This repository contains the full experimental codebase used to analyze the conditioning and stability of process discovery algorithms. The workflow is organized into four modular sub-projects, each responsible for a key stage of the experimental pipeline.
Generates synthetic event logs for experimentation.
- Uses SNIP to inject controlled noise.
- Supports multiple noise types and parameter configurations.
- Produces input logs for downstream discovery tasks.
To run, update src/main/resources/systems/ folder with the systems folder in https://doi.org/10.26188/30739082, and run src/main/java/org/anandi/Main.java.
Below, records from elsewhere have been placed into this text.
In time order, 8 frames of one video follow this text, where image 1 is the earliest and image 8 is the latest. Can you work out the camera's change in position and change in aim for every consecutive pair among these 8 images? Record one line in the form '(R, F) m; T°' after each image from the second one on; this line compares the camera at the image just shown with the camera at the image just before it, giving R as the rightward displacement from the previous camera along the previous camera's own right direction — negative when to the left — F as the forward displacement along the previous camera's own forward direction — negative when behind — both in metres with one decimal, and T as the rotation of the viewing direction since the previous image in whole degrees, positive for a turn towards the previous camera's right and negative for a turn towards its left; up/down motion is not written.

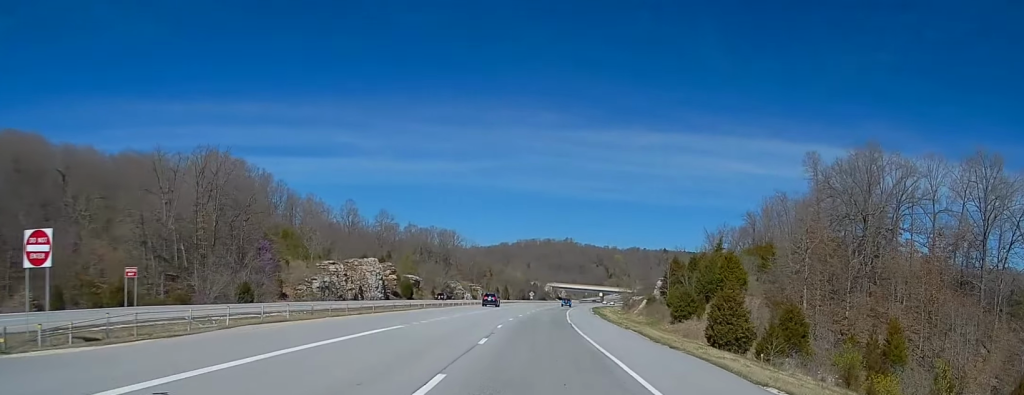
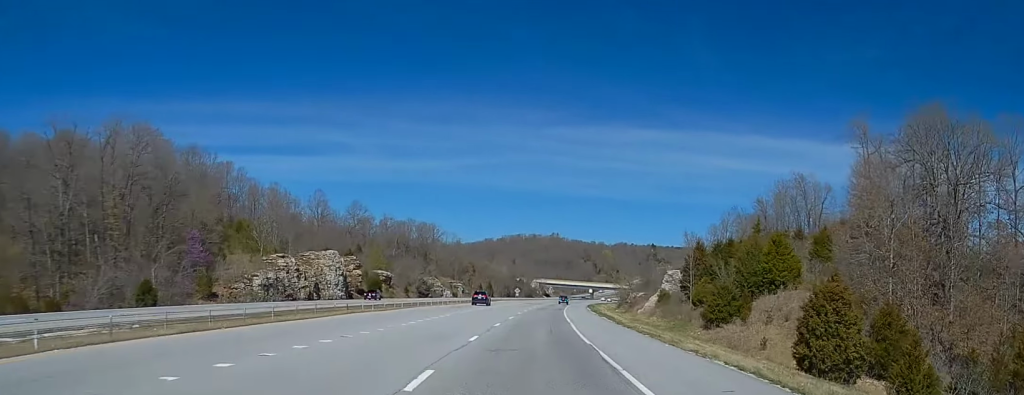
(-0.3, +24.1) m; 0°
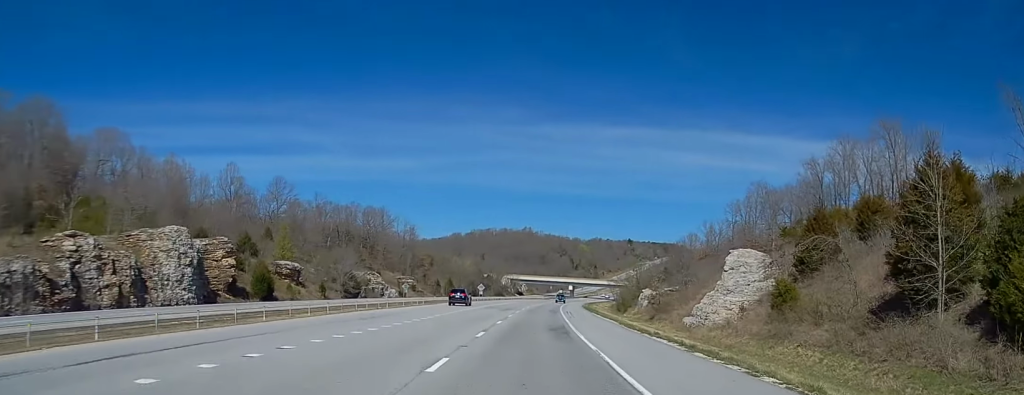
(+1.4, +57.6) m; +2°
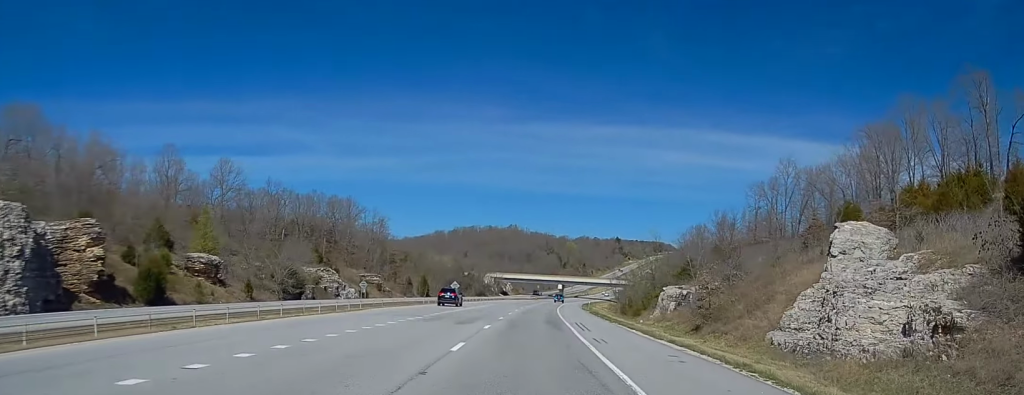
(+0.2, +31.3) m; +2°
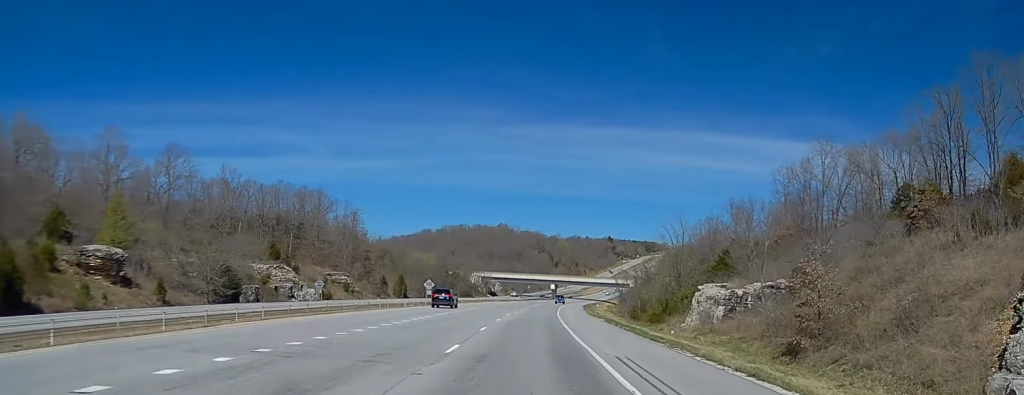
(+0.4, +24.8) m; +1°
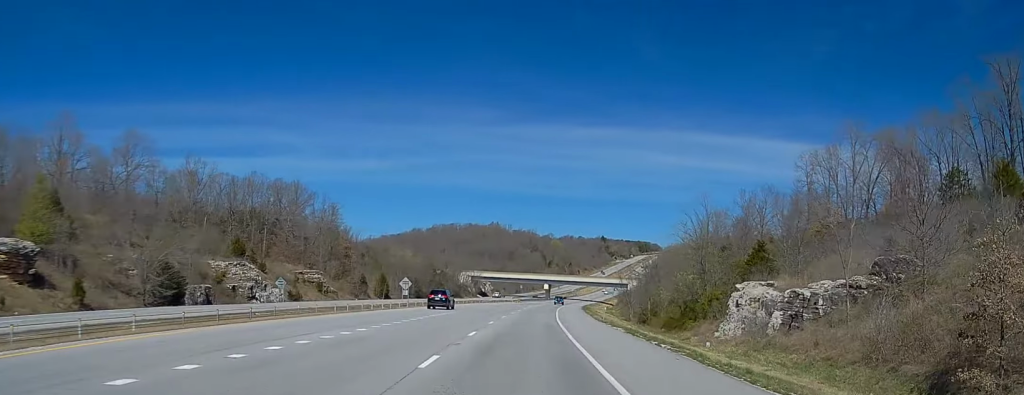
(+0.1, +15.6) m; +1°
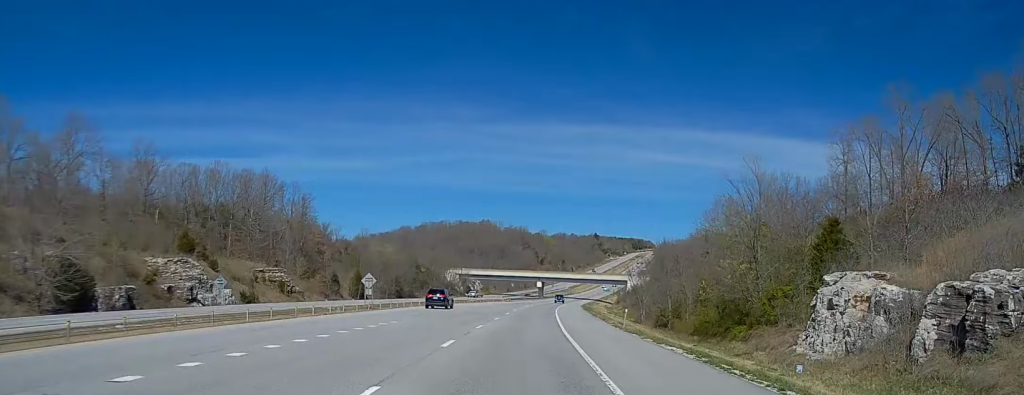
(0.0, +18.7) m; 0°
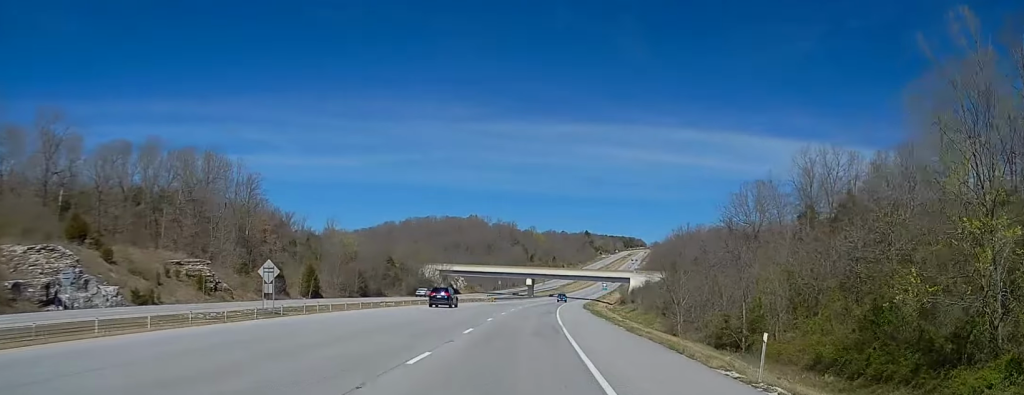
(+0.1, +29.5) m; 0°

The clean samples from the base logs and noisy versions of those clean samples will be generated in src/main/resources/logs/.
Discovers process models for each generated log.
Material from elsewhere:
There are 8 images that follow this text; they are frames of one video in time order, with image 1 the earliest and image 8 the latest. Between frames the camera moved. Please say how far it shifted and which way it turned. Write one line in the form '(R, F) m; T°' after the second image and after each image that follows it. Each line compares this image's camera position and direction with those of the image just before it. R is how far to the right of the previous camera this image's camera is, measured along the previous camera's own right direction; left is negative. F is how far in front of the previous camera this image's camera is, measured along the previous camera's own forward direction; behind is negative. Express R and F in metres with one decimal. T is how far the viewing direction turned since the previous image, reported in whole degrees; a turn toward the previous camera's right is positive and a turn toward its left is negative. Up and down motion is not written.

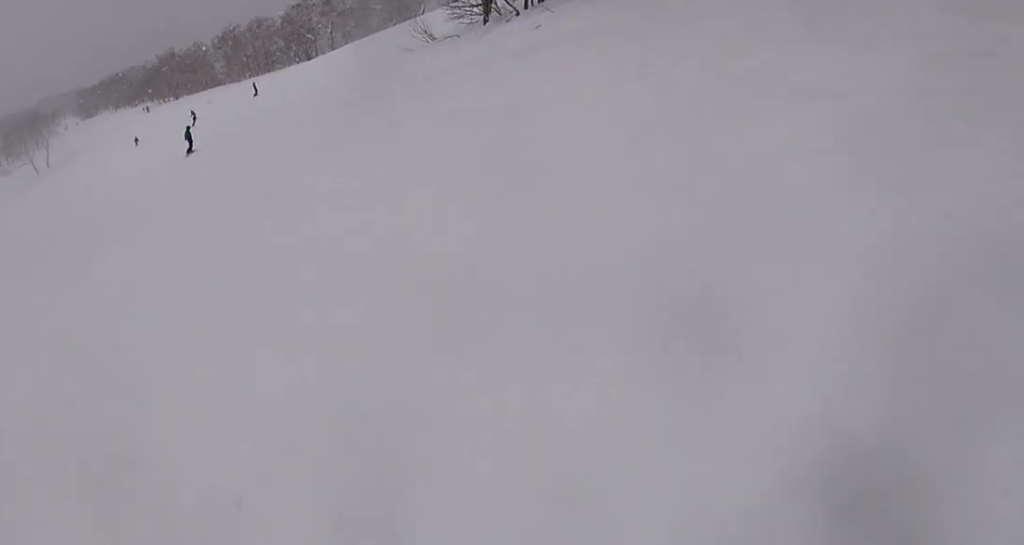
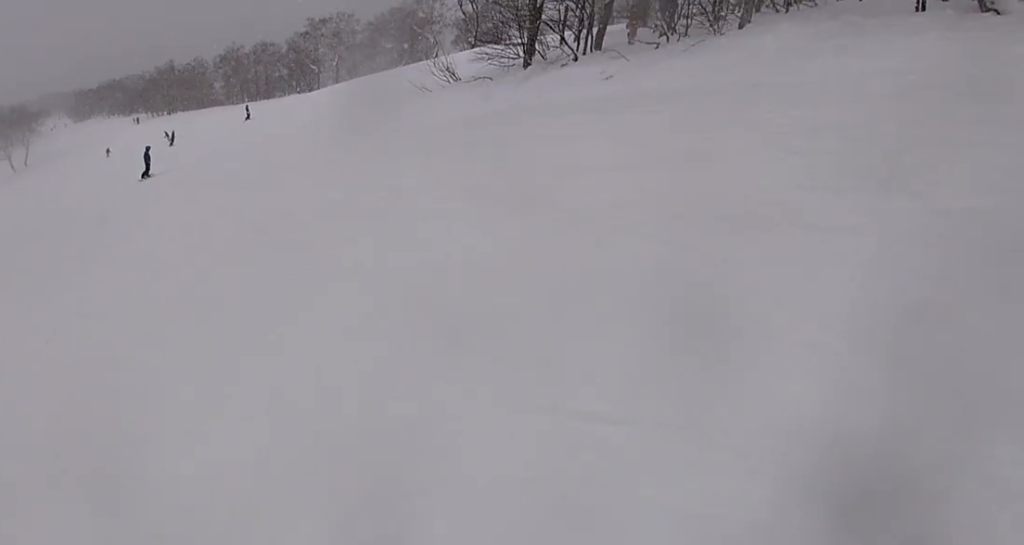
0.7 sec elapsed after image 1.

- Implements Alpha Miner, Heuristics Miner, and Inductive Miner.
- Provides consistent interfaces for batch model discovery.
- Outputs models in standardized formats for evaluation.
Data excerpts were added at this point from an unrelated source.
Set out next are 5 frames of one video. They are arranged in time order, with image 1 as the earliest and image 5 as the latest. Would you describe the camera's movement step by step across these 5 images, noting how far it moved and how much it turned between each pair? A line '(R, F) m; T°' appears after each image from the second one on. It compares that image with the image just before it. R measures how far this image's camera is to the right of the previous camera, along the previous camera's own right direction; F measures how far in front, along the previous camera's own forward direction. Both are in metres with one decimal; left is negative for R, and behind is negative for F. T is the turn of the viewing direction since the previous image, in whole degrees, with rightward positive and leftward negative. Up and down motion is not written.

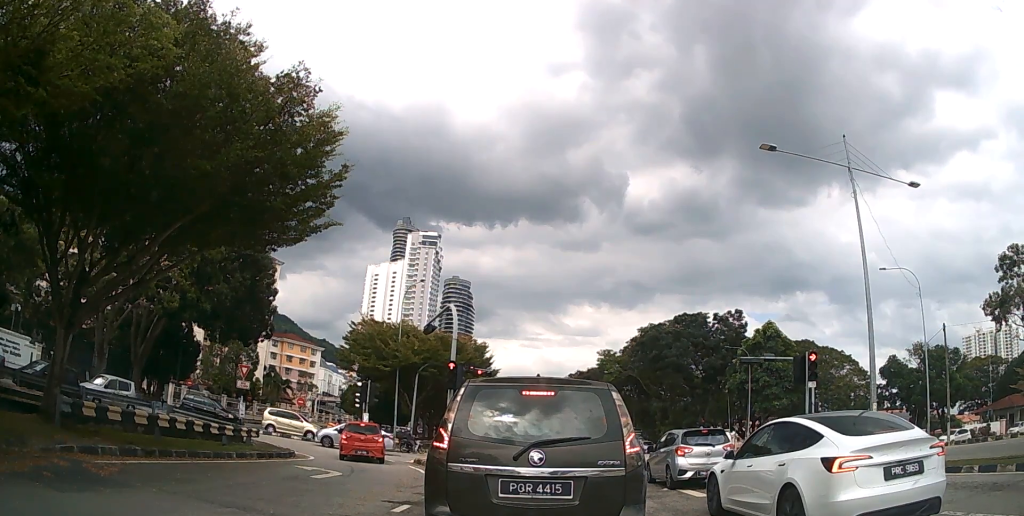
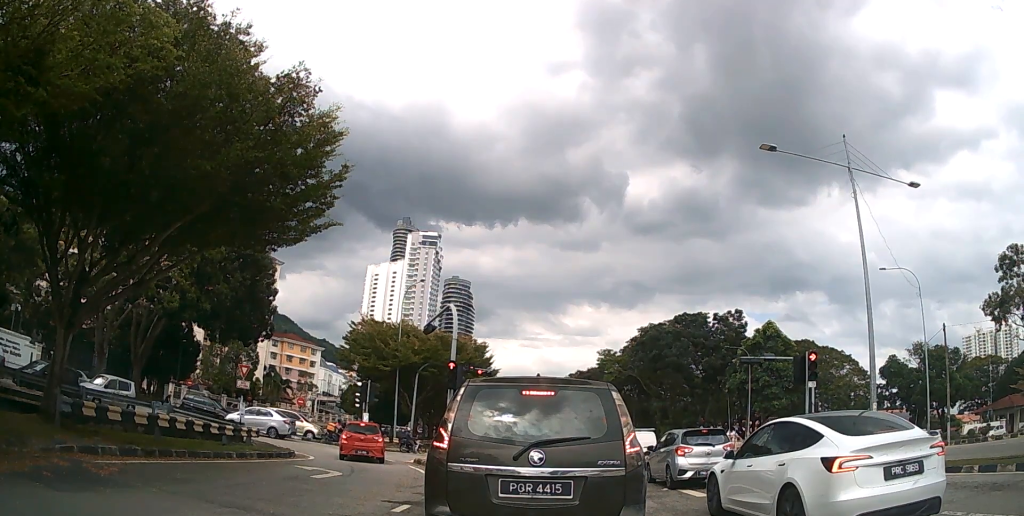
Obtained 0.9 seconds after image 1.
(0.0, 0.0) m; 0°
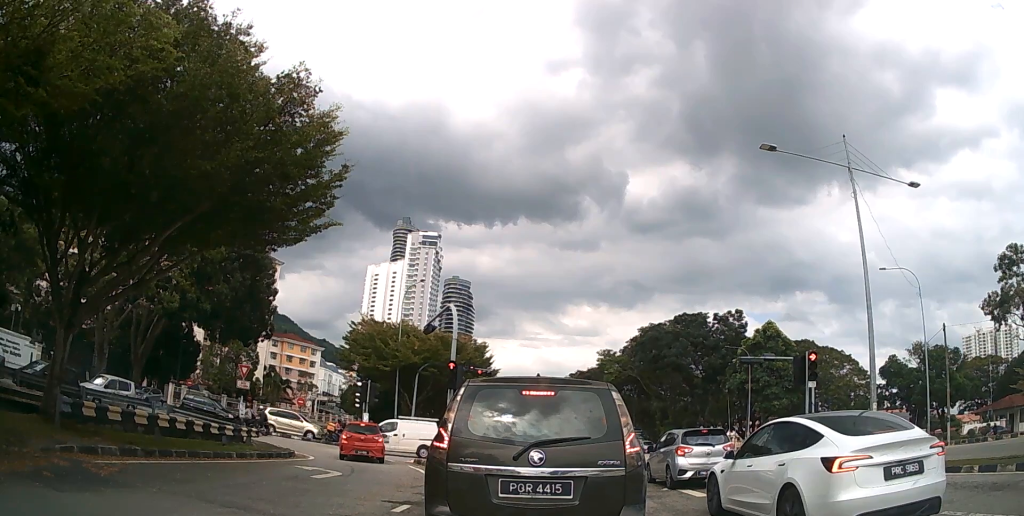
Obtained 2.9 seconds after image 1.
(0.0, 0.0) m; 0°
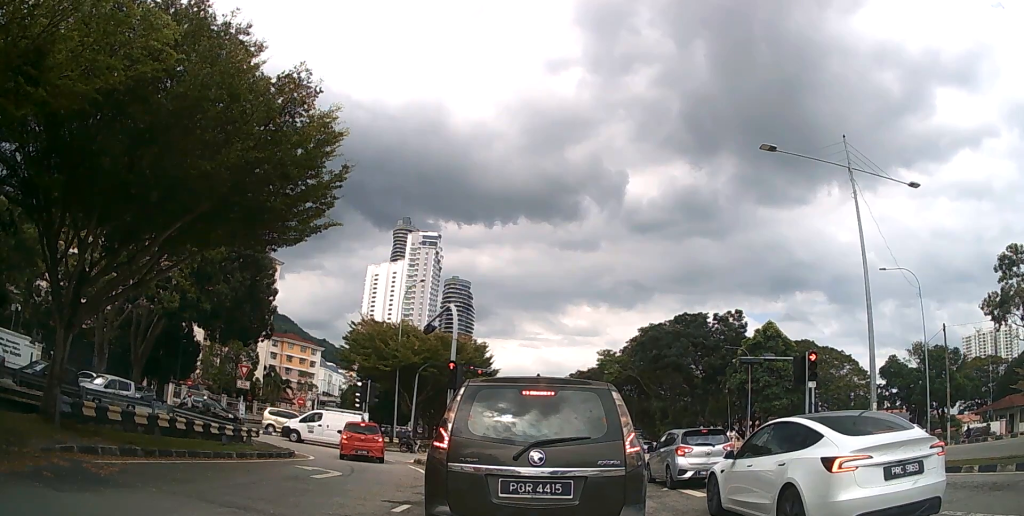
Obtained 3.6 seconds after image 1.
(0.0, 0.0) m; 0°
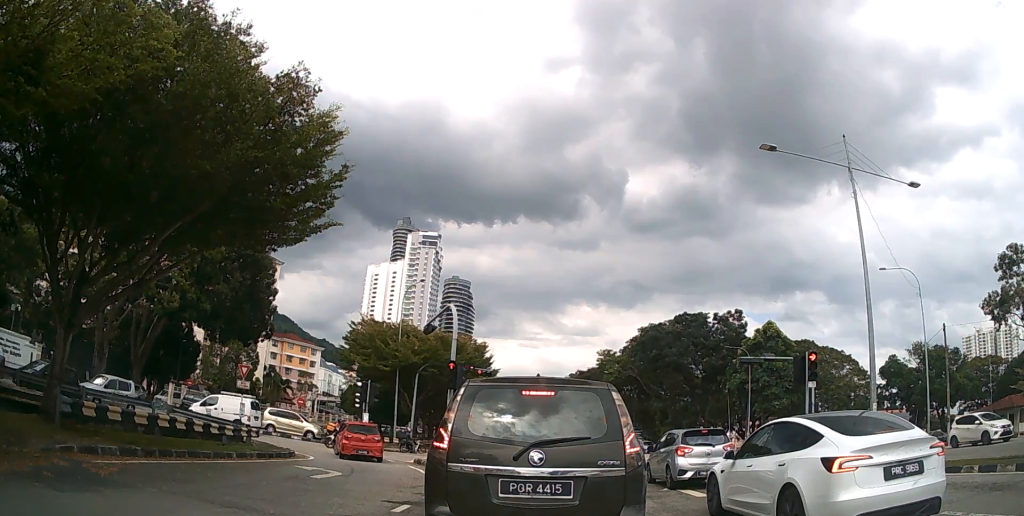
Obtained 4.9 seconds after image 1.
(0.0, 0.0) m; 0°

To run, run model_discovery.py (if needed, update the base file path to where noisy logs are stored). The code assumesa path <base_path>/logs/.
Models will be generated at <base_path>/models/.
The clean models are discovered first, then noisy models are discovered in a random order (according to log_data.csv).
Computes the core measures needed for conditioning and stability analysis.
- Quantifies differences between: logs; discovered models; behavioral perspectives; structural perspectives.
- Produces structured, machine-readable evaluation results.
For rediscoverability analysis, run evaluation_f1.py. If needed, update the paths to systems and models.
For behavior replay analysis, run evaluation_f2.py. If needed, update the paths to logs and models.
Analyzes conditioning and stability results using the computed metrics.
- Performs statistical comparisons and robustness assessments.
- Generates all visualizations used in the study (plots, summaries, and tables).
- Includes scripts for reproducing final figures.
For conditioning (model complexity changes with log changes), run conditioning.py, to generate the analysis report and plots.
For stability analysis: (1) for rediscoverability analysis, run stability_f1.py, (2) for behavior replay analysis, run stability_f2.py, to generate the analysis report and plots.